↓↓↓

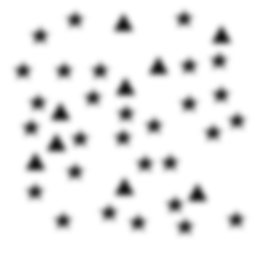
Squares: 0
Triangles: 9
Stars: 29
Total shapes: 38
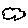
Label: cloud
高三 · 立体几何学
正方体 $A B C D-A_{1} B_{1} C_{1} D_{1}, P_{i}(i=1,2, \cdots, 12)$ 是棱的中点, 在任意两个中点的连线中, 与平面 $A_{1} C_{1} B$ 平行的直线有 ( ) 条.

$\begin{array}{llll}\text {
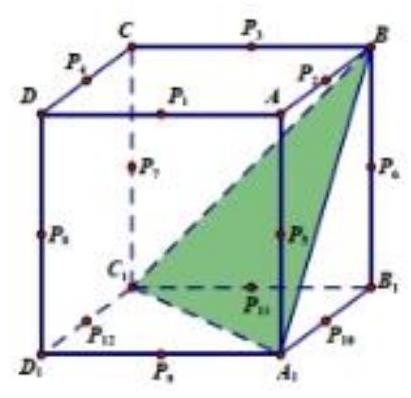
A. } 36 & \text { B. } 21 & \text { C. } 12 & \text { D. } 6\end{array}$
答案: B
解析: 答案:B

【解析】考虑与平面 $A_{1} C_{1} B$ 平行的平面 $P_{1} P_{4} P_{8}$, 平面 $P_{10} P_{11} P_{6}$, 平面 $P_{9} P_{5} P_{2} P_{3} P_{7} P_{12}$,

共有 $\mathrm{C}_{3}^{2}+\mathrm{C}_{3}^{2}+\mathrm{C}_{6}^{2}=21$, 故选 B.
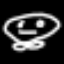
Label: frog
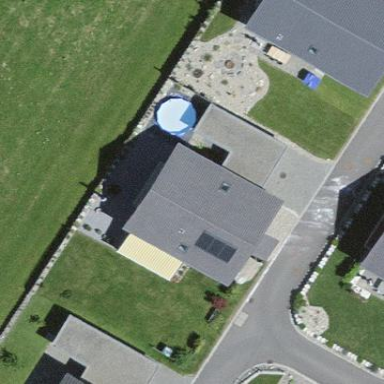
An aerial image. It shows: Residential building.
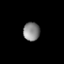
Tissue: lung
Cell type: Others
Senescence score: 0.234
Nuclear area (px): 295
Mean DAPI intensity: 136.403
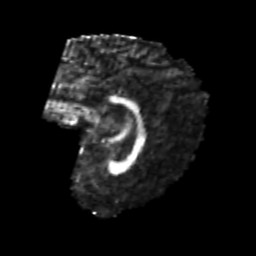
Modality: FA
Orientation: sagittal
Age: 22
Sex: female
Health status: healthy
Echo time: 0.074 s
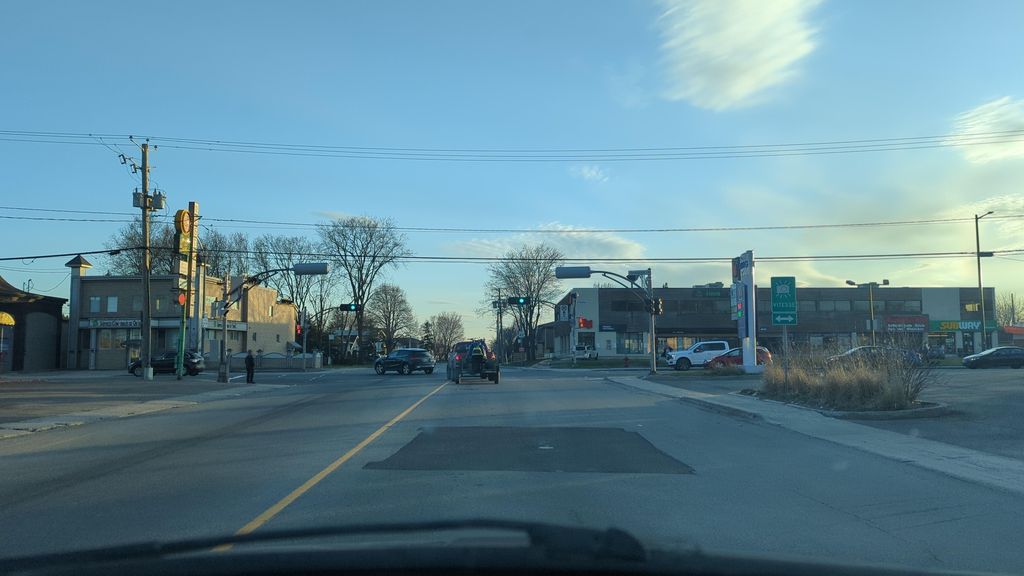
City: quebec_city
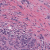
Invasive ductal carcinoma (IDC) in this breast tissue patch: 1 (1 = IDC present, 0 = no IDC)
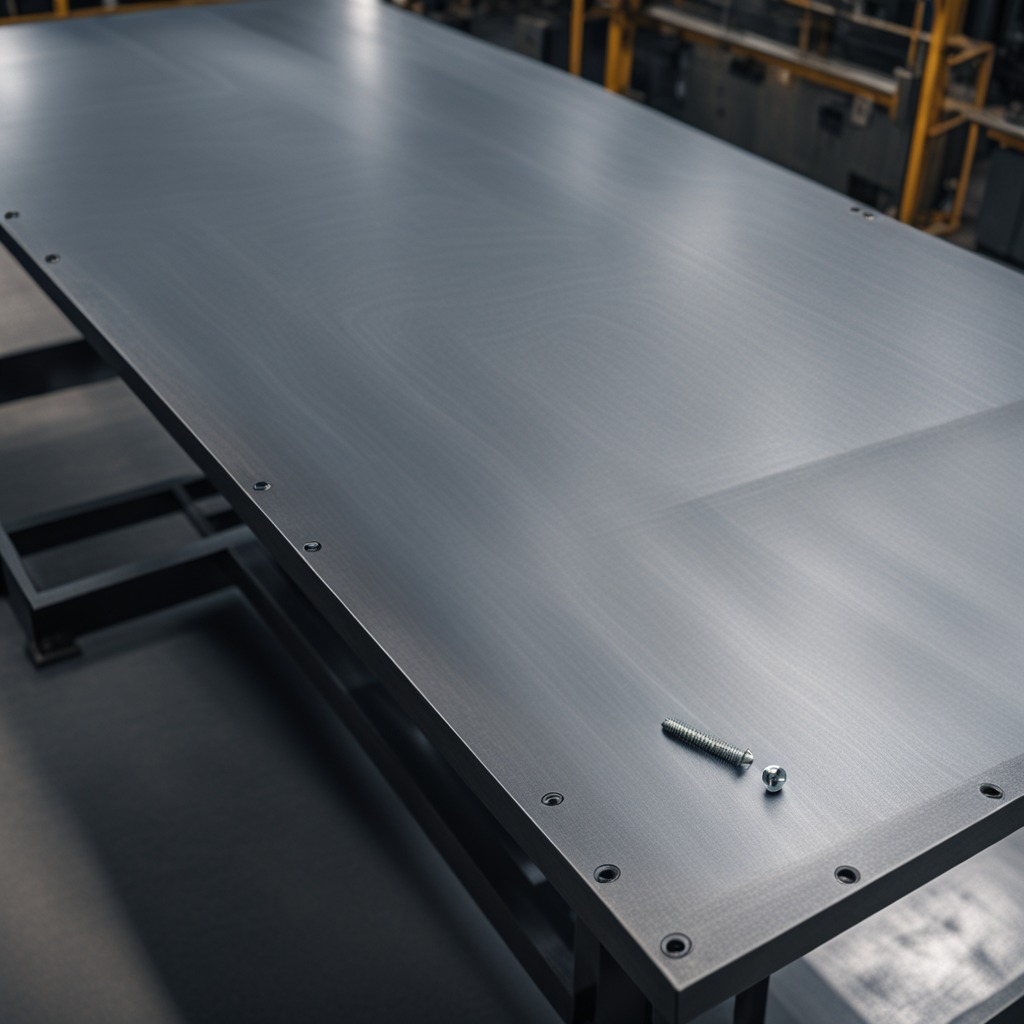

↑↑↑

### What you should do
Copy the lines from the line that contains "Sex: female" through the end of the records, exactly and with nothing added; leave the pictures out.

### Expected output
Sex: female
Health status: healthy
Echo time: 0.074 s
City: quebec_city
Invasive ductal carcinoma (IDC) in this breast tissue patch: 1 (1 = IDC present, 0 = no IDC)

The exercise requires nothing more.